Frustration flows, when I want it to ebb. This God-given frustration at dreams unrealized... at the picking feeling that I still reside in the mediocre and not in the promised land of The Calling. Frustration because I know not how to change it.
And then this: (Phil 4:8) Whatever is true, whatever is noble, whatever is right, whatever is pure, whatever is lovely, whatever is admirable, if anything is excellent or praiseworthy, think about such things.
The enemy jabs with reminders of what I have not, when He has placed so much in front of me for me to have. The father of lies would desire me to see discontent, frustration, ... and then the notes of my friend on the piano ring peace in my heart and remind me that worthy is the Lamb who was slain, so that I might have it all. I have been given friends.
I have been given a day to rest. Snow. Christmas trees. Worship belted out and uttered in whispers and all is a beautiful chorus in Your ears.
And even then, the song ends and the knot in my throat returns.
Psalm 119:114 You're my place of quiet retreat. I wait for your Word to renew me.
"Well, child, some things are really meant to be laid down. Every person needs hope planted at the bottom of their hole." - Anne Voskamp
There it is: the reason for the activity. The Calling. The why behind selling lipstick.
Colossians 3: 15 - 16 Let the peace of Christ keep you in tune with each other, in step with each other. None of this going off and doing your own thing. And cultivate thankfulness. Let the Word of Christ - The Message - have the run of the house. Give it plenty of room inyour lives. INsruct and direct one another using good common sense. And sing, sing your hearts out to God!
In Him, there is renewal for transformation. We come to the place of saying, "I CAN'T DO IT, GOD!" And He says, "Well, I've been waiting for that, Renee." What we think is the problem is never really the problem. It's always looking at something to fill the need that only the Savior can fill. We find adult pacifiers that poorly try to replace Him in our lives.
The thing is that it doesn't happen over night. The Power of the Cross must be applied consistently (not just once) in order for transformation to occur. We try repentance in our human strength and fail. We try to think right. Reason right. Do right. But it doesn't transfer to the heart.

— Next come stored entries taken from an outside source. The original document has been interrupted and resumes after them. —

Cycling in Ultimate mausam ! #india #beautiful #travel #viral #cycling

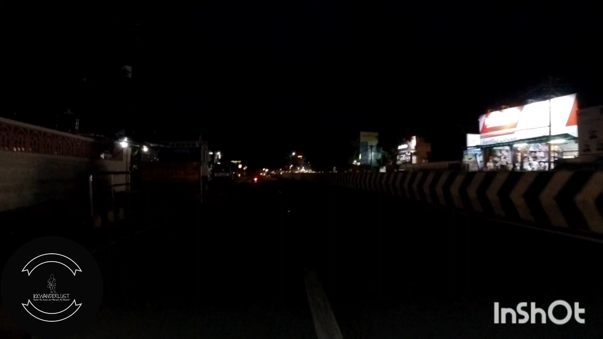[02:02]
आचुका हूं मेडिकल रोज में इस रोड में मेडिकल कॉलेज है और यह सामने सीरा व्रिदेश्वर टेमपर जाएगा अभी मैं अपने वाले हाइवे पर आ चुका हूं
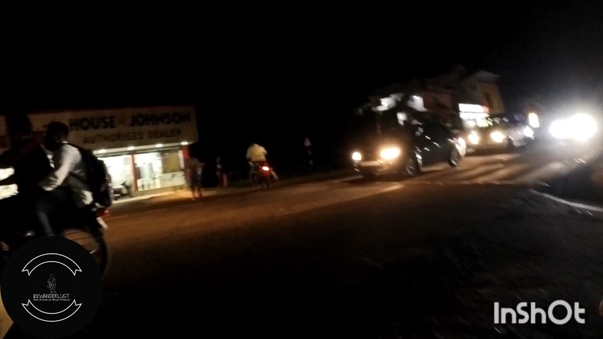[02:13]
यहां से � नवर दो किलो मेटर रहे गया है बस अब हम स्पीड चेक करेंगे
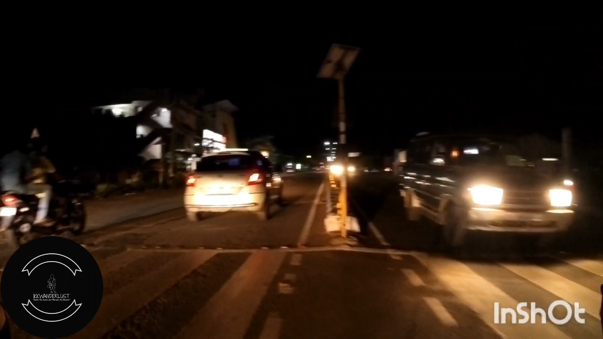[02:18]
एक हलका सा थोड़ा सा पहले में लेफट लेन में आ जाता हूं इसके बाद प्रफिट चेक हुगा तो चलो
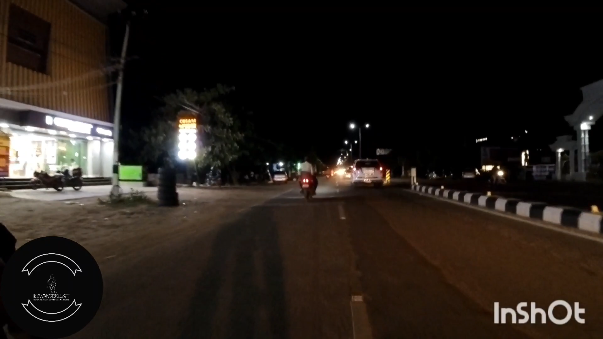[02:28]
अब थोड़ा सा स्पीड पकड़ते हैं देखते हैं आप लोग करना स्पीड कितनी होगी मैक्सिमूम

Then we recognize our incapability and beg God to deposit it into our souls, to write it on our hearts, to inscribe healing into us, and He graciously does exactly that. God reveals it to me and it becomes me. This Godly repentance. And in that He kills the lie that I've been believing.

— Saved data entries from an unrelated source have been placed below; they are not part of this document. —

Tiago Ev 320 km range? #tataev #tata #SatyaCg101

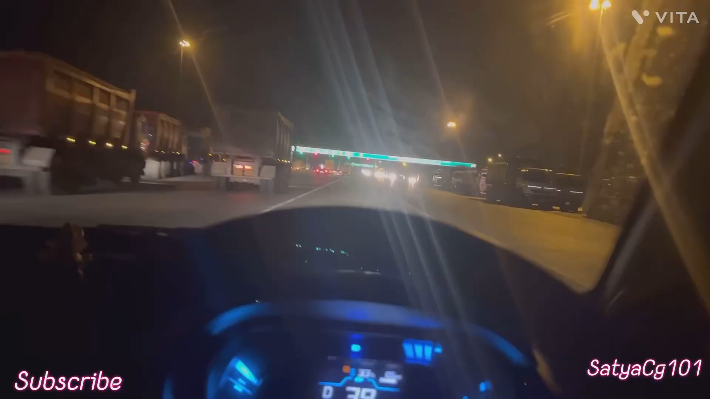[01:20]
हम पहुंचने हैं टोल प्लाजा देखते हैं कि
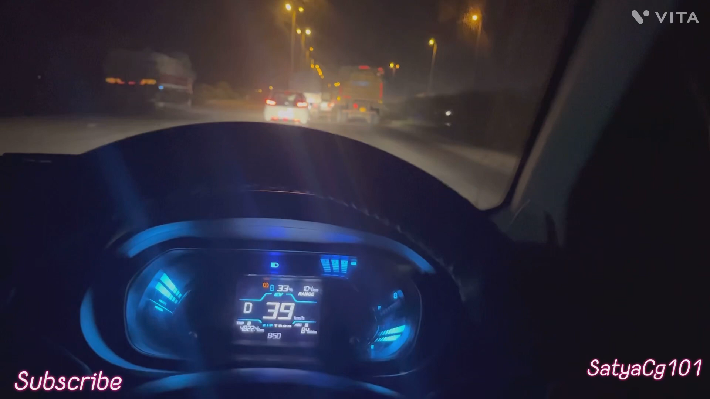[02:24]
बैटरी वहां पर यहां बची हुई होती है
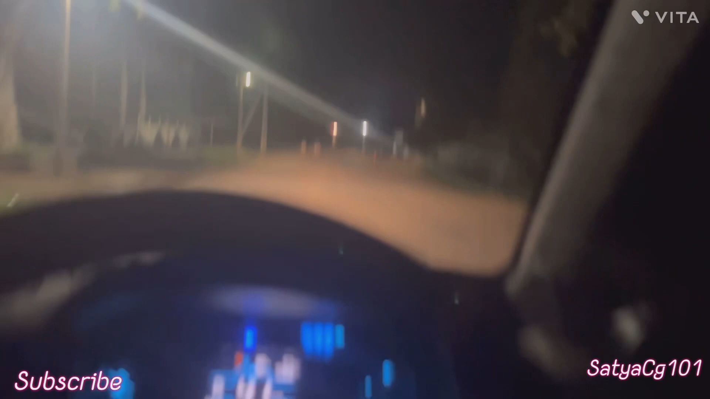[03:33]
है रात और यह है हमार संगे से शिवनाथ नदी यह पूल थोड़ा साथ साइड साइड में छोटा है लेगन है यह सिवनाथ नदी सिंगा और बेमें तरह के भीच में जो है शिंगास निकलते समय है
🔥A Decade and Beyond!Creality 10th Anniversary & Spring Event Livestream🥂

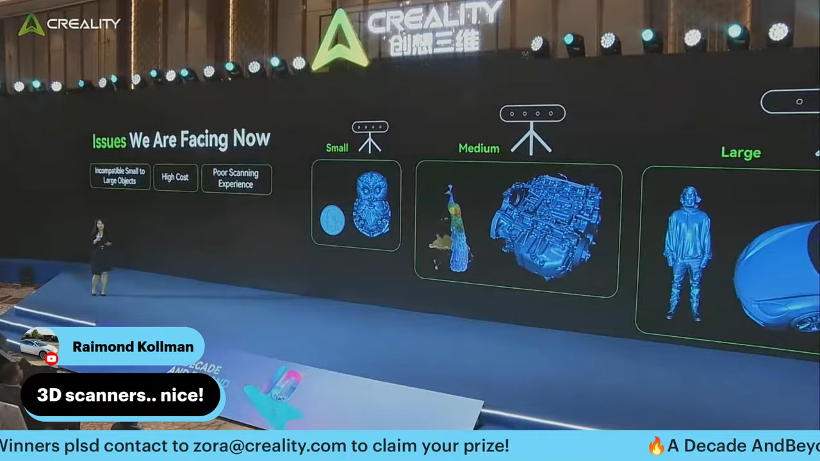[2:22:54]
3D scanner consists of 3D camera and also a projector.
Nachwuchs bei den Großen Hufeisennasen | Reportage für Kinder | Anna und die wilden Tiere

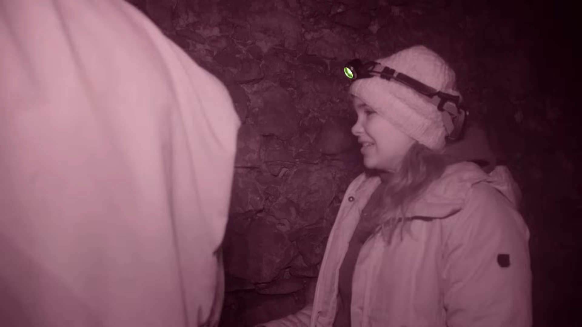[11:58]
In der alten Scheune ist es auch tagsüber komplett finster.
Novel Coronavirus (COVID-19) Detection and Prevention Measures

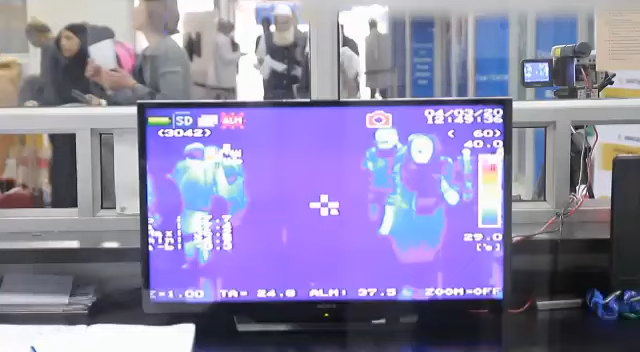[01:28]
scanner i mean which checks the secondary temperature this
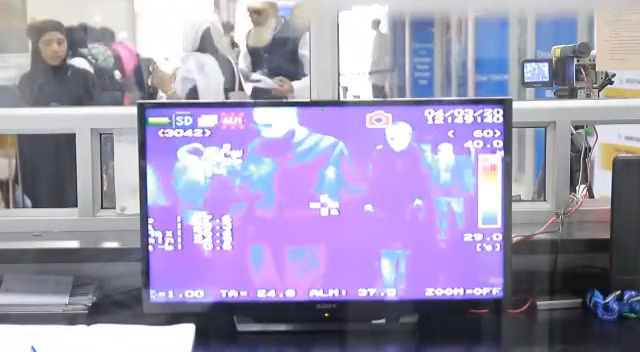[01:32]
also checks the temperature of the passengers it detects
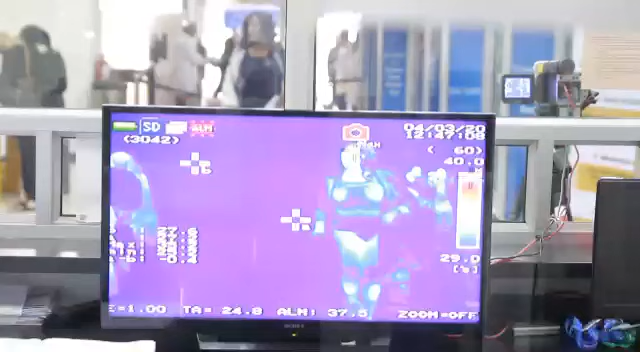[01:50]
and every passenger's forehead so we are able to read the temperature
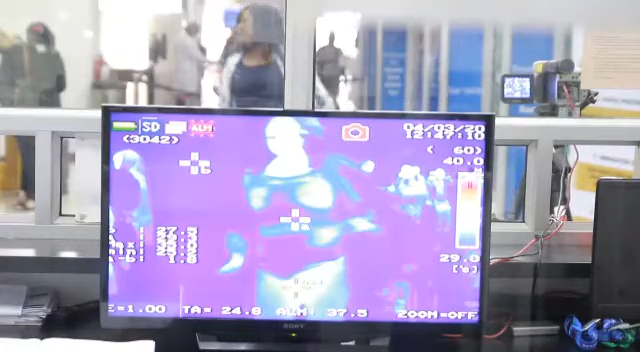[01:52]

Deliver me, sweet Jesus, from the lie that I must live today in mediocrity. By the power of your Holy Spirit, eradicate from me the fear that comes along with realizing my purpose and following my Calling. Pour your strength into me to accomplish what I cannot on my own. Give me your joy in all things. Remind me of what I have so that gratitude might be my default. And by the power of your Son, bring freedom, that I might live it and pass it on.